Monthly Growth Rates

Let’s plot the distribution of monthly growth rates for each follower bucket.

# summarise distributions
growth_by_user %>% 
  ungroup() %>% 
  filter(!is.na(med_30_day_growth) & med_30_day_growth <= 1) %>% 
  group_by(bucket) %>% 
  select(bucket, med_30_day_growth) %>% 
  skim()
Table 2: Data summary
Name Piped data
Number of rows 367
Number of columns 2
_______________________
Column type frequency:
numeric 1
________________________
Group variables bucket

Variable type: numeric

skim_variable bucket n_missing complete_rate mean sd p0 p25 p50 p75 p100 hist
med_30_day_growth (0,10000] 0 1 0.09 0.11 0.00 0.02 0.06 0.13 0.78 ▇▂▁▁▁
med_30_day_growth (10000,100000] 0 1 0.10 0.12 -0.01 0.03 0.06 0.11 0.94 ▇▁▁▁▁
med_30_day_growth (100000,200000] 0 1 0.08 0.13 0.00 0.02 0.04 0.09 0.65 ▇▁▁▁▁
med_30_day_growth (200000,500000] 0 1 0.08 0.08 0.00 0.04 0.06 0.10 0.43 ▇▂▁▁▁
med_30_day_growth (500000,1000000] 0 1 0.10 0.16 0.01 0.03 0.04 0.09 0.59 ▇▁▁▁▁
med_30_day_growth (1000000,Inf] 0 1 0.09 0.11 0.00 0.04 0.06 0.11 0.45 ▇▃▁▁▁

Here are summary statistics for each profile bucket.

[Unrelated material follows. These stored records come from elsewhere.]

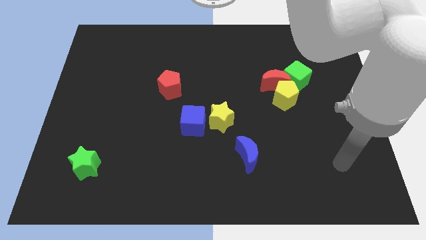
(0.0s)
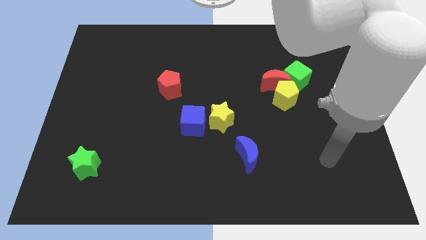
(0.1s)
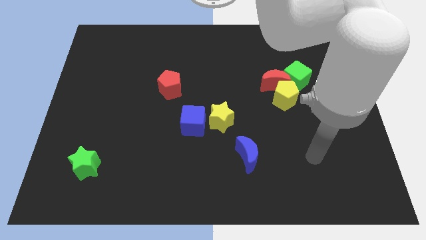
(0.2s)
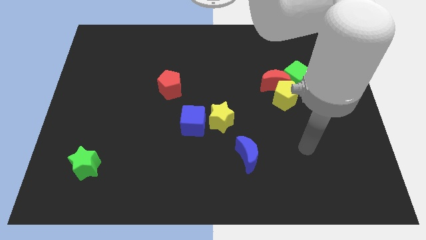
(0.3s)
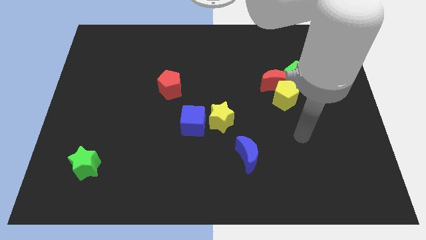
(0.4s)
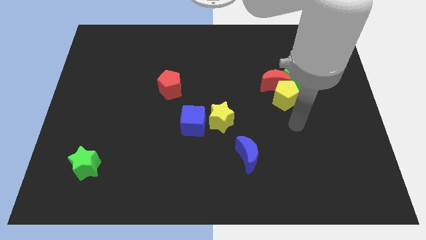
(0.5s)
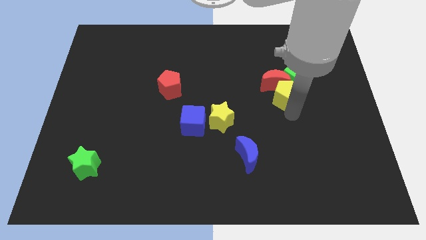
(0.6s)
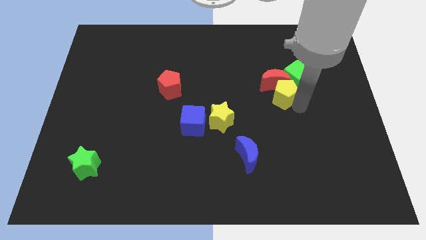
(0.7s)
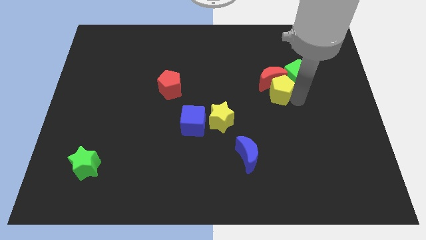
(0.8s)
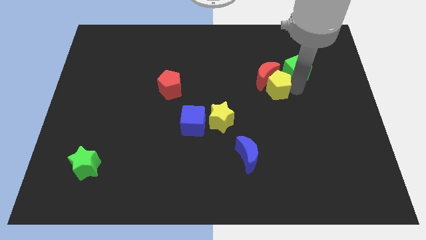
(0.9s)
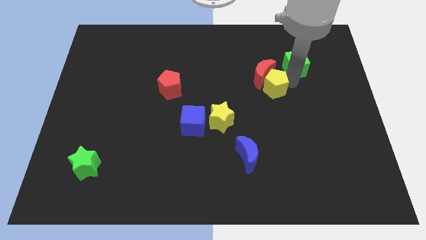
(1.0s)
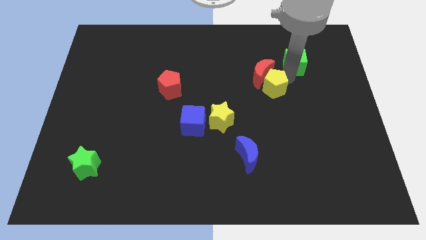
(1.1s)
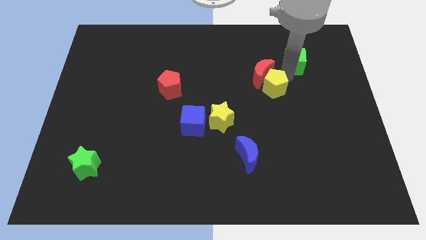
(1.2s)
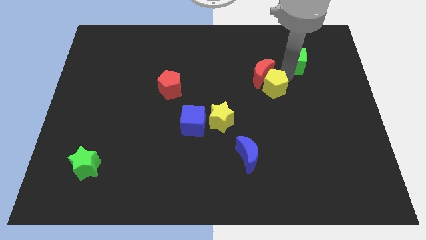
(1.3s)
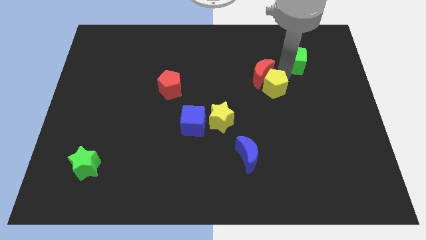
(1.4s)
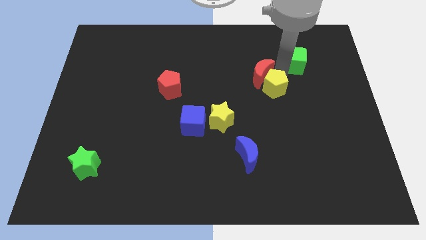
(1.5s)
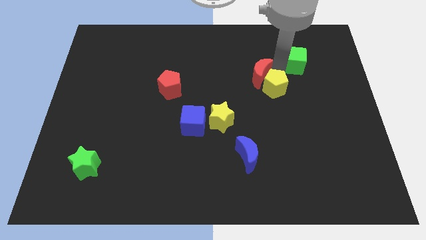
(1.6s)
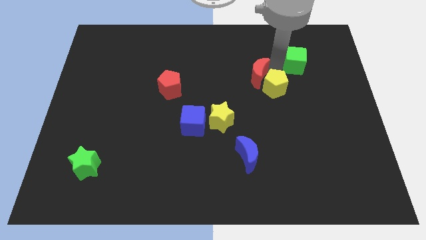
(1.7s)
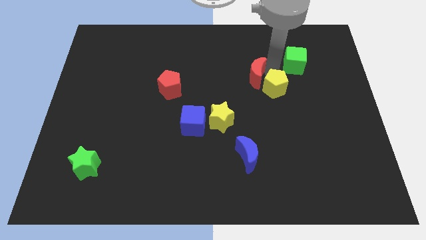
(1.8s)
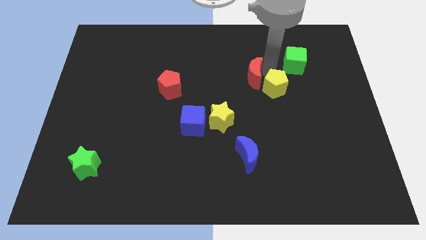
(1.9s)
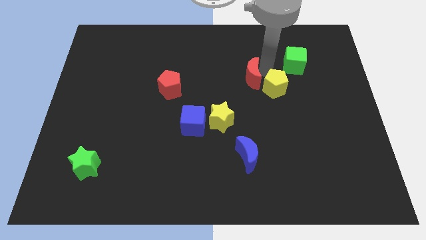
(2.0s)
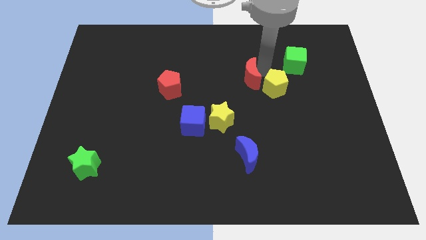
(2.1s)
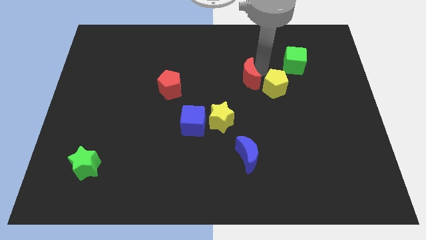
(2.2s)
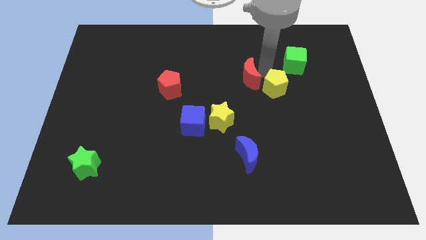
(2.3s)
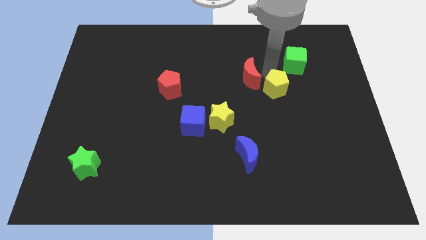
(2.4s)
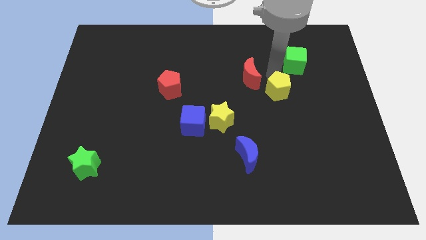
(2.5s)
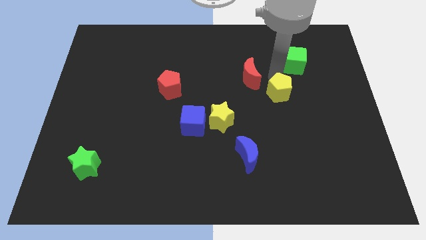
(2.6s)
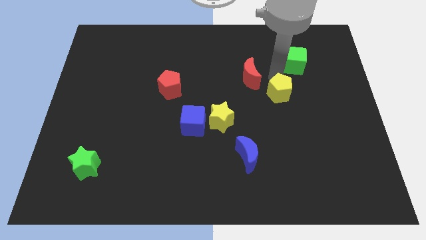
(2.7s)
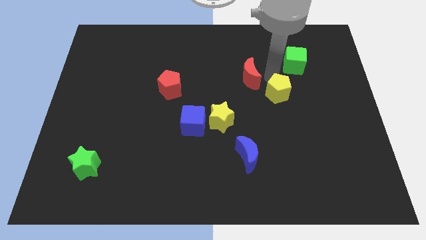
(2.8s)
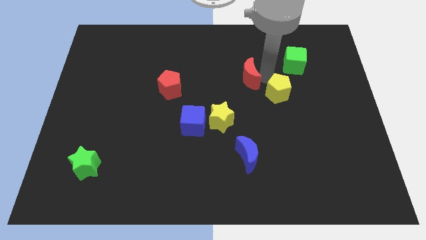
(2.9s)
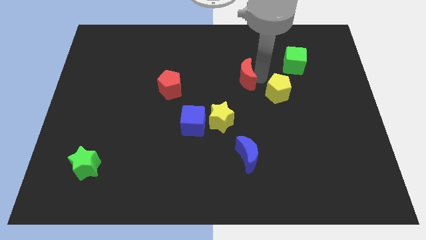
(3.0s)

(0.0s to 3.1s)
separate the red moon from the yellow pentagon and green cube

  • For the 114 users with 0-10k followers, the median 30-day growth rate is 5.5% and the average is 9.3%.
  • For the 166 users with 10-100k followers, the median 30-day growth rate is 6.1% and the average is 9.7%.
  • For the 26 users with 100k-200k followers, the median 30-day growth rate is 4.5% and the average is 8%.
  • For the 36 users with 200k-500k followers, the median 30-day growth rate is 6% and the average is 8.1%.
  • For the 12 users with 500k-1m followers, the median 30-day growth rate is 3.6% and the average is 9.7%.
  • For the 18 users with over 1m followers, the median 30-day growth rate is 6% and the average is 9.4%.